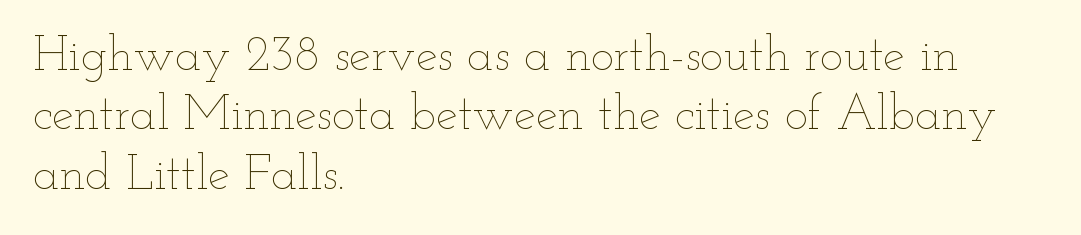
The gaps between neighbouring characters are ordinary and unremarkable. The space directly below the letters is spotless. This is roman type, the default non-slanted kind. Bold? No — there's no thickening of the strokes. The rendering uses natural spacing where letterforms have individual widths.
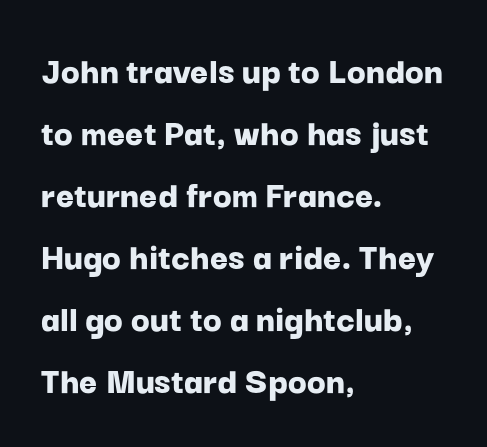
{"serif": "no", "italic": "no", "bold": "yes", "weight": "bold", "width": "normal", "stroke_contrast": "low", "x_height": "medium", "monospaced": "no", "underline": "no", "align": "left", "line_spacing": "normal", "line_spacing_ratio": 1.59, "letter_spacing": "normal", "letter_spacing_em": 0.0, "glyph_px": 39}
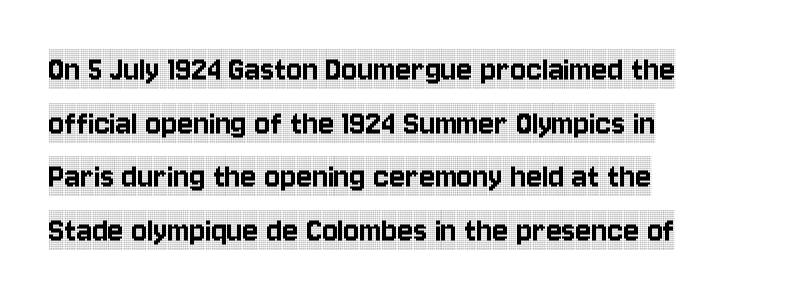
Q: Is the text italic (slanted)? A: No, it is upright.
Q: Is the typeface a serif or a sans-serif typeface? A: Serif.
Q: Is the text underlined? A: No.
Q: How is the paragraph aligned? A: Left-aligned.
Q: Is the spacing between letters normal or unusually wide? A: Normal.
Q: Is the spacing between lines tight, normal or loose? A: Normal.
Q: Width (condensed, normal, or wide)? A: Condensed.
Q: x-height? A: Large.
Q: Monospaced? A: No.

------------

Exercise aim:
Print exactly the lines above, between the one holding "Q: Is the typeface" and the one holding "Q: x-height? A: Large.", inclusive, and nothing besides.

Solution below:
Q: Is the typeface a serif or a sans-serif typeface? A: Serif.
Q: Is the text underlined? A: No.
Q: How is the paragraph aligned? A: Left-aligned.
Q: Is the spacing between letters normal or unusually wide? A: Normal.
Q: Is the spacing between lines tight, normal or loose? A: Normal.
Q: Width (condensed, normal, or wide)? A: Condensed.
Q: x-height? A: Large.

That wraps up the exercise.